Other impact investing efforts include Upstart Co-Lab — a project of Rockefeller Philanthropy Advisors, which focuses on the creative industry; Domini, which factors in diversity and focuses on investments that build a better future for the planet and people; Visa’s recent commitment to elevate 50 million small and micro businesses worldwide — with a special initiative aimed at helping Black women entrepreneurs in the US; and Citi’s $150 million Impact Fund, which makes equity investments in double-bottom-line private-sector companies. Even Kiva, which made its name as a microfinance lender for projects in developing countries has launched a program focused on low-income communities in the US.

Around the US and elsewhere, protests are highlighting how many communities — particularly those where minorities reside — have been left behind. Impact investing continues to grow; and with it, we’ve seen the emergence of firms such as San Francisco-based Robasciotti & Philipson, which focuses its investments in what they call transitional capital, addressing systemic problems faced disproportionately by people of color. But the movement has not yet scaled to the level needed to address systemic inequalities and racial disparities in investing.

It is clear that not only does impact investing need to continue to grow, it must also be more intentional. RBC’s model works, but Homer agrees it is just one approach in a sector that needs a diversity of tools.

“The social unrest has highlighted some of the different perspectives on reaching underserved communities,” he said.

There’s a role for the government, too. Early on, RBC’s impact investing program worked with federal loan provider Fannie Mae to develop mortgage outreach programs, to combat predatory lending. Blending private capital with public finance could be a way to scale impact, reduce risk, and get more investors to lend to underserved communities and sectors.

“Over the long haul, it will require some private capital married with government support to solve many of these issues,” Homer said. “There are certain things that governments can do to make some of the existing programs a little bit more accessible and intentional. We are hopeful that, going forward, there will be a focus on public policies and regulations that can help that.”
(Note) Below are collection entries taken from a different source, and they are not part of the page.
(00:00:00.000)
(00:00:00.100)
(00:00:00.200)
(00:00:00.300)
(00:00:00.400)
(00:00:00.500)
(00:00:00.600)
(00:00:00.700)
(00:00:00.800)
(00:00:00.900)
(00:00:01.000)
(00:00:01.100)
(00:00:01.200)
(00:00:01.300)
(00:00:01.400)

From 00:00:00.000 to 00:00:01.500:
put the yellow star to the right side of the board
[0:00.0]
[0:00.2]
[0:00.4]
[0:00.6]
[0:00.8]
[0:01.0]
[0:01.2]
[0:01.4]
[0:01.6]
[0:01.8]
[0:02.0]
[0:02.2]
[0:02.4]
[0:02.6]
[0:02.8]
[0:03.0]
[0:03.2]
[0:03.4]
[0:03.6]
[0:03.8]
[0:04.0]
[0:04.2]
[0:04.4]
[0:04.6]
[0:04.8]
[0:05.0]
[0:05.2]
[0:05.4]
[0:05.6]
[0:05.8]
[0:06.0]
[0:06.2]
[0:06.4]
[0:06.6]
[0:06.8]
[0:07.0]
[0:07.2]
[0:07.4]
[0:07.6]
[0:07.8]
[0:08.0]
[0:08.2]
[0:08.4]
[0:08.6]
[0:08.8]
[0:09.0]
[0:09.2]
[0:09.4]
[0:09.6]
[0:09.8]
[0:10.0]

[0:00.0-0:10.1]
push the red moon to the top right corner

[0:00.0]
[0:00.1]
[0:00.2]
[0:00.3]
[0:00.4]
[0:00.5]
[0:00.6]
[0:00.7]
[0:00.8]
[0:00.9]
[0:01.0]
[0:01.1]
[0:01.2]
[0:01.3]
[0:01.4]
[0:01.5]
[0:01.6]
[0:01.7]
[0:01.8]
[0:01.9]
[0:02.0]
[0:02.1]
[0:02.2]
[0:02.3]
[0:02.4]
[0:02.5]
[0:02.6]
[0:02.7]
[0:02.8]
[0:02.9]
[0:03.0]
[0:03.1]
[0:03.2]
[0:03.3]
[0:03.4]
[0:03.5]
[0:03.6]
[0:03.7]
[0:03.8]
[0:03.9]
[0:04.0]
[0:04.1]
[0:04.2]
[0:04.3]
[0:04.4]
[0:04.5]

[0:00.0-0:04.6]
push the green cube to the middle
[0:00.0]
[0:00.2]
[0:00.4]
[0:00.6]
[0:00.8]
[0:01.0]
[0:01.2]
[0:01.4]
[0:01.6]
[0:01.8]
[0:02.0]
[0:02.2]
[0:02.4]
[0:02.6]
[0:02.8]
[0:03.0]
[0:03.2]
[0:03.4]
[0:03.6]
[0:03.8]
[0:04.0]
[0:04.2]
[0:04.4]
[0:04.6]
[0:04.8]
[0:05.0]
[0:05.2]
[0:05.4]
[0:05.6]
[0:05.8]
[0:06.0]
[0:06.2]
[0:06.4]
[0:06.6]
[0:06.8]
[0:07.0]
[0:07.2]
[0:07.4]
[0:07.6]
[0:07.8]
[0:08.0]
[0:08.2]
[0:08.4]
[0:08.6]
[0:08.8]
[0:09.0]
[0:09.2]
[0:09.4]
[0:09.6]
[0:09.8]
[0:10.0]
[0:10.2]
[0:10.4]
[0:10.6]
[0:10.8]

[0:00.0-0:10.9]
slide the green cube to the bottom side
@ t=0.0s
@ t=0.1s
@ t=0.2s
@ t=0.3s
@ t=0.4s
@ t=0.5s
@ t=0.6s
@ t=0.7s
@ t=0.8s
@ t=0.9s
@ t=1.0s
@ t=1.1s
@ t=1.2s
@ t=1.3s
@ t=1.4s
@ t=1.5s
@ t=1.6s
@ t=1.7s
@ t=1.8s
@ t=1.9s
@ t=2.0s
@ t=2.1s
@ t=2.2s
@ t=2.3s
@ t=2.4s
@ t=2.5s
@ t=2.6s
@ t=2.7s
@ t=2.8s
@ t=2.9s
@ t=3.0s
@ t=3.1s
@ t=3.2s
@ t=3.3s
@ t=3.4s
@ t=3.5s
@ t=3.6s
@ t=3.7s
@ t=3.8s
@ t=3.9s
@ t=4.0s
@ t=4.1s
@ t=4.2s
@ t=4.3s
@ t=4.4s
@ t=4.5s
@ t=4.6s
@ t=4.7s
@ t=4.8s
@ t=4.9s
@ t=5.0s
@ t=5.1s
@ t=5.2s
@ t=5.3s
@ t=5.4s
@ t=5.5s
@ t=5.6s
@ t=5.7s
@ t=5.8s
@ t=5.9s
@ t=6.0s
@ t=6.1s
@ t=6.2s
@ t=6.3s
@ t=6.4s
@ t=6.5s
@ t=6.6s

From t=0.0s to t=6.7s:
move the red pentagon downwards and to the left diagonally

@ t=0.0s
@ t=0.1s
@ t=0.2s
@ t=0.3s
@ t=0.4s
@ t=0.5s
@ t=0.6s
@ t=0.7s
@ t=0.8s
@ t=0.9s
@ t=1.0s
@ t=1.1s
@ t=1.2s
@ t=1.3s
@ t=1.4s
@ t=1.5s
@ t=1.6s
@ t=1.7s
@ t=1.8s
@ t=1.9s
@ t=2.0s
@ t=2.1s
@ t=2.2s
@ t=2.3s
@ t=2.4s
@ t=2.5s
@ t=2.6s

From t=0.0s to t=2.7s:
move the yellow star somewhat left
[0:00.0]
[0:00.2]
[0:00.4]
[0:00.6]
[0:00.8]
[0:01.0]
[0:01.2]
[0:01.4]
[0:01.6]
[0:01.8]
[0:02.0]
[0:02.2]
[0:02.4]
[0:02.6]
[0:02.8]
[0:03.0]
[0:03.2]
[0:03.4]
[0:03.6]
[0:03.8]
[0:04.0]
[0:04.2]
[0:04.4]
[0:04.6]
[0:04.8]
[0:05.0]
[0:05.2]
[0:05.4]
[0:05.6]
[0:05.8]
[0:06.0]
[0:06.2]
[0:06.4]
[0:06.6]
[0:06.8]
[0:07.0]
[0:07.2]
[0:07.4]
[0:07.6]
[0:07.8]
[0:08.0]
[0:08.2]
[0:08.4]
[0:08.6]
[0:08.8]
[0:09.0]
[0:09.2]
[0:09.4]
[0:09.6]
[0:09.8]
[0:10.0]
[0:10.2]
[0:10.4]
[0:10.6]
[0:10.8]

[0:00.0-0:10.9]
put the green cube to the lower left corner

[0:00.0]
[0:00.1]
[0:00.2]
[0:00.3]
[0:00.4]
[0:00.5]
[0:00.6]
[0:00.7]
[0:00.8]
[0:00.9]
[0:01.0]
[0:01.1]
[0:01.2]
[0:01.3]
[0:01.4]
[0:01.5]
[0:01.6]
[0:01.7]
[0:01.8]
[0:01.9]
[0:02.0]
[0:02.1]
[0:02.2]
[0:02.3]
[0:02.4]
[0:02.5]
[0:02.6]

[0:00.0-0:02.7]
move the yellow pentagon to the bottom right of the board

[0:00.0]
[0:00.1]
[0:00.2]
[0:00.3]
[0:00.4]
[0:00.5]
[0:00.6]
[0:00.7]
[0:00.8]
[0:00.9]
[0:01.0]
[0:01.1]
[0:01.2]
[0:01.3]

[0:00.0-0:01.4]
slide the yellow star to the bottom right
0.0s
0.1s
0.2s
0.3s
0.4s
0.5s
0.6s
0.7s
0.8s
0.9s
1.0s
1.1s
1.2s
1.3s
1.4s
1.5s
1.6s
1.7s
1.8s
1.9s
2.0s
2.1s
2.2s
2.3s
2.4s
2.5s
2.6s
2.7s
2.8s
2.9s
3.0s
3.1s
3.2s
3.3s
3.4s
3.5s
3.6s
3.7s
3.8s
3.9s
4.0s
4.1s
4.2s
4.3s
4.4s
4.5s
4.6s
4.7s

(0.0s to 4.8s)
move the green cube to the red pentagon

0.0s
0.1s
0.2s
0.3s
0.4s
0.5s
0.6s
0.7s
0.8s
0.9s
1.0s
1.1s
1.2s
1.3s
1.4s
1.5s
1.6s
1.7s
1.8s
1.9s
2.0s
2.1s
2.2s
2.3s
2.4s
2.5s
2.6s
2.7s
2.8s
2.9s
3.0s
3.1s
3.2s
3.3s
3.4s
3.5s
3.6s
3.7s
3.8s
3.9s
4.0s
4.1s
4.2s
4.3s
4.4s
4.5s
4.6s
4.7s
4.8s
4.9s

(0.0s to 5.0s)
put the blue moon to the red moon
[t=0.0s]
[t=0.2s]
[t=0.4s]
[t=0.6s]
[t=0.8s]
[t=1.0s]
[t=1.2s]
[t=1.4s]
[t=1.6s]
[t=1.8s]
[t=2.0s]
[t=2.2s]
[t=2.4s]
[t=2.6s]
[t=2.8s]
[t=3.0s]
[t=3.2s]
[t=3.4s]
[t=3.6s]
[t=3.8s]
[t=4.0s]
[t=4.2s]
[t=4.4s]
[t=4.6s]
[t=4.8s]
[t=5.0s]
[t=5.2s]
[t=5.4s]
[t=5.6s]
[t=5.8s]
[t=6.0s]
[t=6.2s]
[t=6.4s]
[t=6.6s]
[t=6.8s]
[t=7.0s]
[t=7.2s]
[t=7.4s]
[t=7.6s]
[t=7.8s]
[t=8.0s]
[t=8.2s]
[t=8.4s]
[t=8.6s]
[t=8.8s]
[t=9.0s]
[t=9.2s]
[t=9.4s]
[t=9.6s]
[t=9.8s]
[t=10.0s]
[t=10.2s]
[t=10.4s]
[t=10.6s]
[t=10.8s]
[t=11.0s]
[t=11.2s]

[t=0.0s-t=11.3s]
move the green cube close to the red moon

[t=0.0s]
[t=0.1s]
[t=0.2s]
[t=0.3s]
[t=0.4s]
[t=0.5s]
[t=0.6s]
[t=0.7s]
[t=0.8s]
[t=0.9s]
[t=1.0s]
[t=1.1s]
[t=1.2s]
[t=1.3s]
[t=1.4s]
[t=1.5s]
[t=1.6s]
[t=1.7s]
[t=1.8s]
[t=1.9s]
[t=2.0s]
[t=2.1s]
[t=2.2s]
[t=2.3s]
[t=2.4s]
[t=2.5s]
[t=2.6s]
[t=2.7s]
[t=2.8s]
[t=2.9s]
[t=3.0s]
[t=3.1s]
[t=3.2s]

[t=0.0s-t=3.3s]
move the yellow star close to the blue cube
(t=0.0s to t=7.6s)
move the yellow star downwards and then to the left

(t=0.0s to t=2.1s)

The COVID-19 pandemic, though, is adding another challenge. Though the economic fallout is far from finished, or clear, there is evidence that it is impacting the poor more than the well-off, and could disproportionately impact people of color. The need for better housing, healthcare, and other public services is only likely to grow — necessitating more investment. Success will also require ensuring that community voices, and needs, are central.

“We think that it is important [that within] the communities that are underserved, local advocates who are trying to promote an improved environment are aware of some of these tools and how they work, and can make suggestions to how to make them more effective,” Homer said. “From that, we’ll get a better outcome.”